▶ **ACTION ITEM**: Copy the listing below in full and skip every picture.

________________________________________

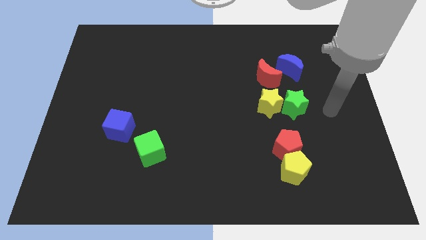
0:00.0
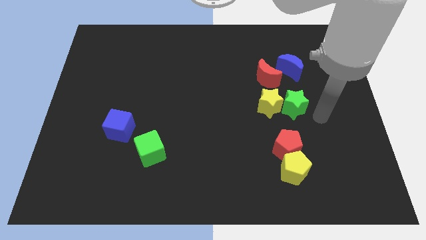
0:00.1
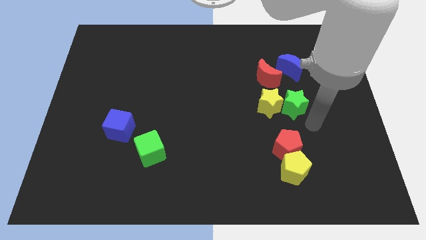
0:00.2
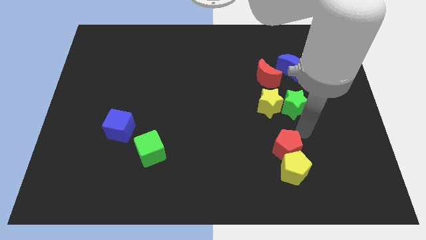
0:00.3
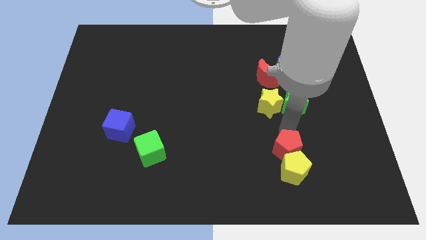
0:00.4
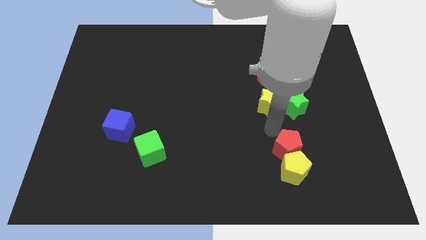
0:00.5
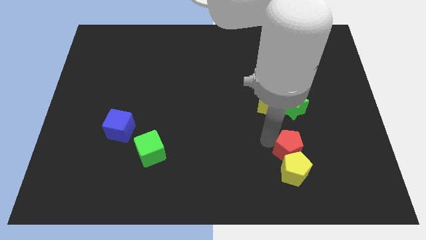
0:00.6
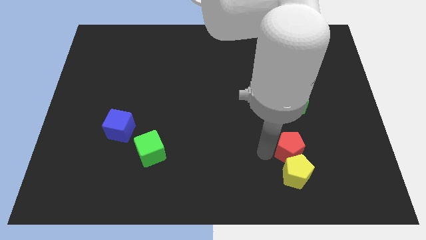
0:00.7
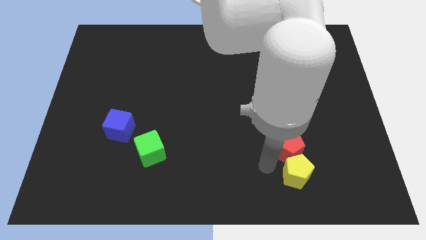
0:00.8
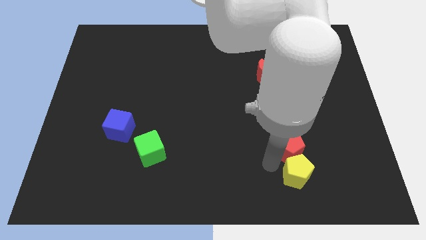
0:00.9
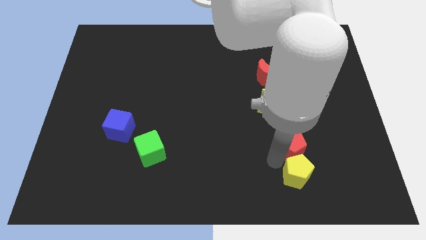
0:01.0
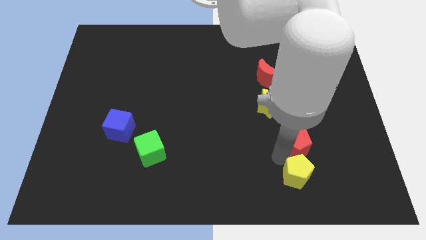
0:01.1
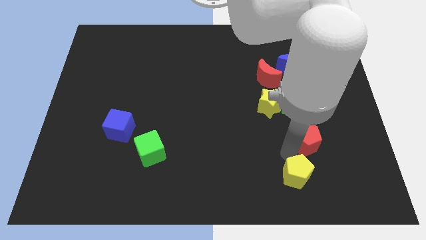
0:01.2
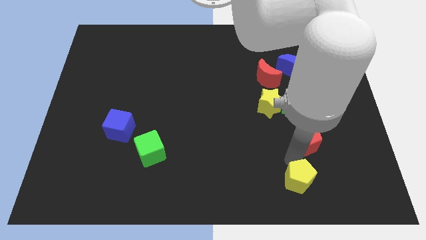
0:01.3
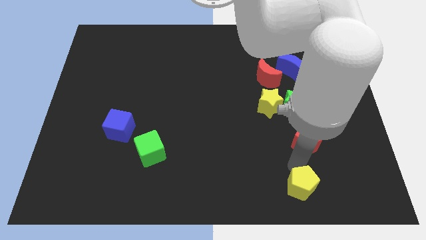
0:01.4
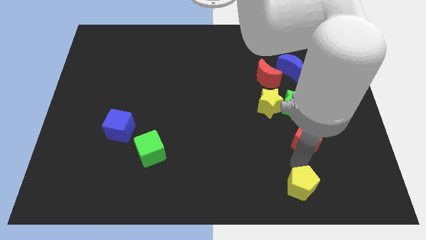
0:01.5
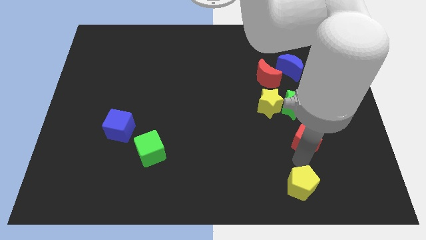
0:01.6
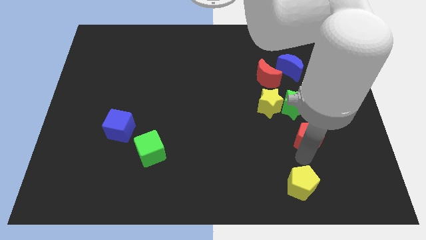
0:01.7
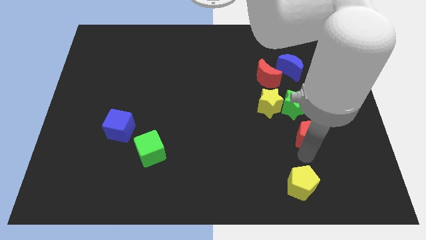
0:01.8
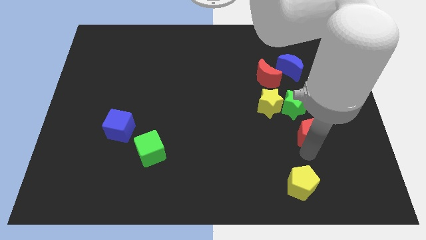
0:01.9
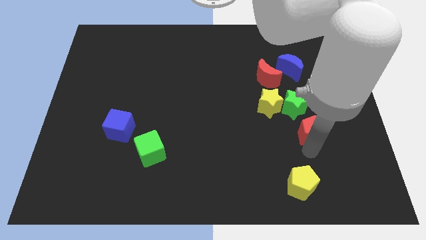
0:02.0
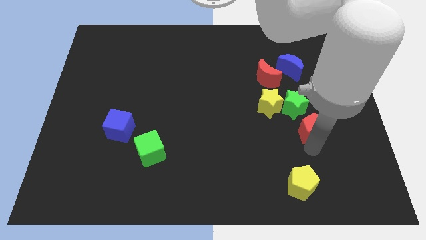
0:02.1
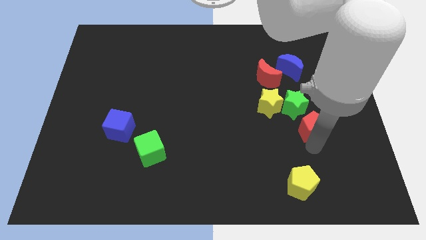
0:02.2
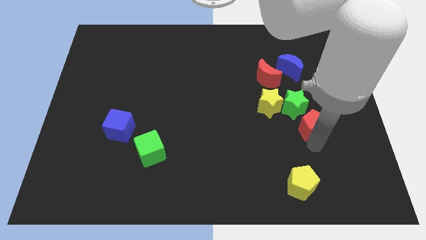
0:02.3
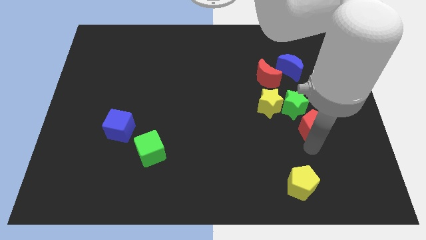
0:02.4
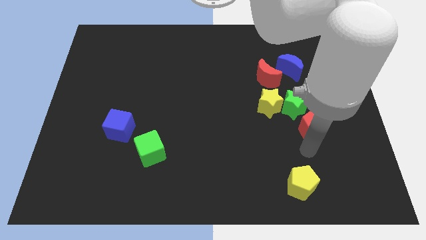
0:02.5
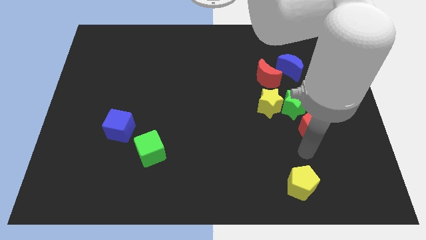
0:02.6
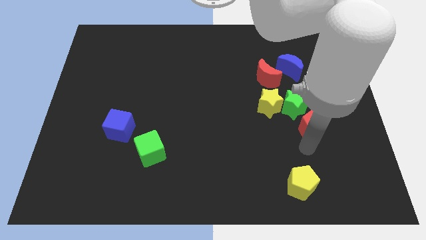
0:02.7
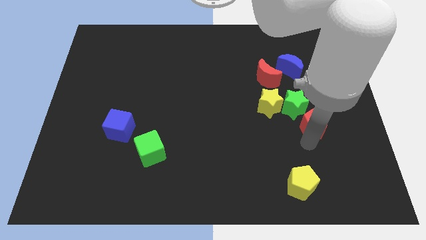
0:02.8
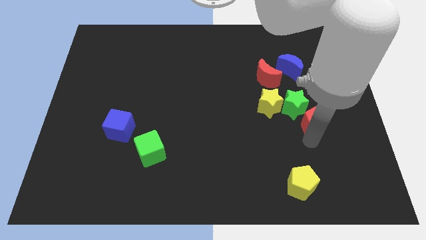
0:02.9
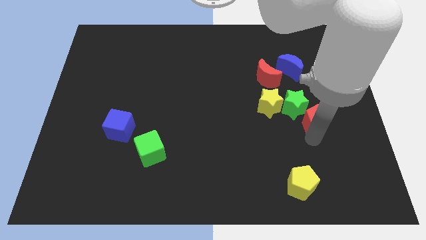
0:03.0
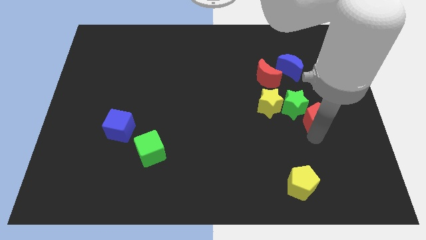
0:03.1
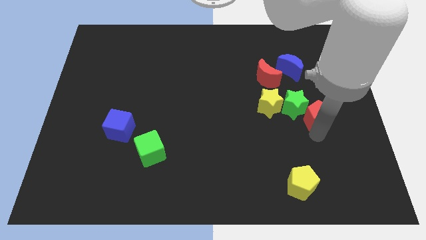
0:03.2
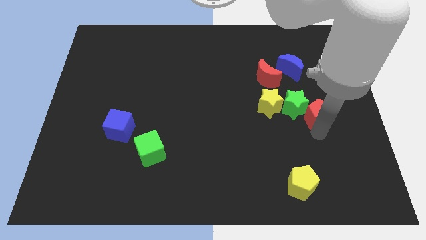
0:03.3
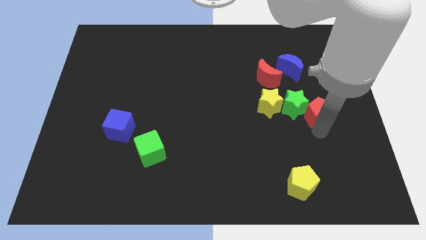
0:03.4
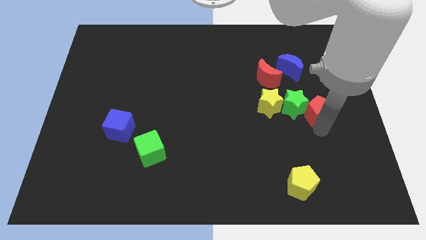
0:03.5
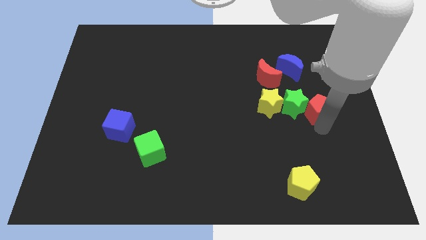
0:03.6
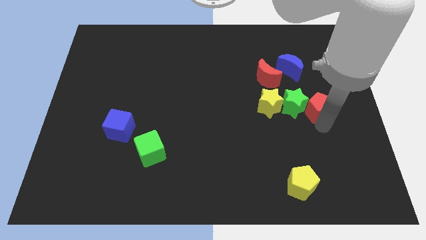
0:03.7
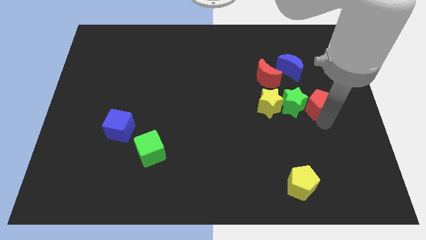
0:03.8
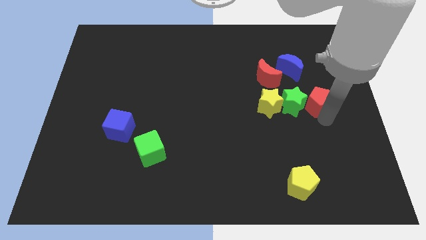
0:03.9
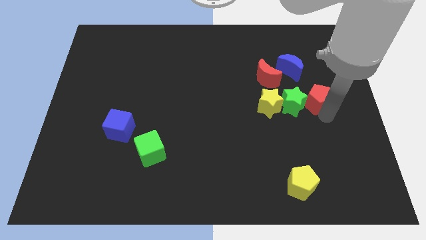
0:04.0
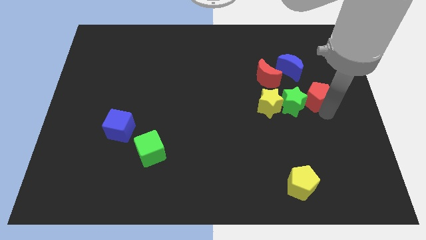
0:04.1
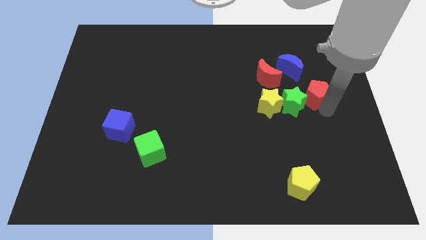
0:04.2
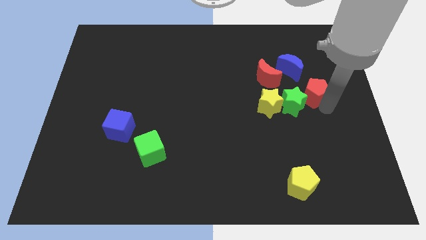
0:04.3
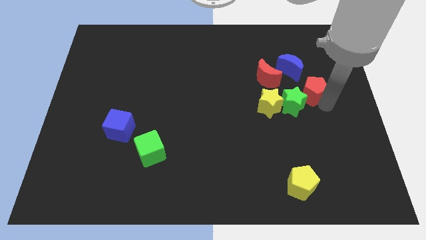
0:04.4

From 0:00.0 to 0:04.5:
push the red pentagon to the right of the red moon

________________________________________

▶ **YOUR SOLUTION**:
0:00.0
0:00.1
0:00.2
0:00.3
0:00.4
0:00.5
0:00.6
0:00.7
0:00.8
0:00.9
0:01.0
0:01.1
0:01.2
0:01.3
0:01.4
0:01.5
0:01.6
0:01.7
0:01.8
0:01.9
0:02.0
0:02.1
0:02.2
0:02.3
0:02.4
0:02.5
0:02.6
0:02.7
0:02.8
0:02.9
0:03.0
0:03.1
0:03.2
0:03.3
0:03.4
0:03.5
0:03.6
0:03.7
0:03.8
0:03.9
0:04.0
0:04.1
0:04.2
0:04.3
0:04.4

From 0:00.0 to 0:04.5:
push the red pentagon to the right of the red moon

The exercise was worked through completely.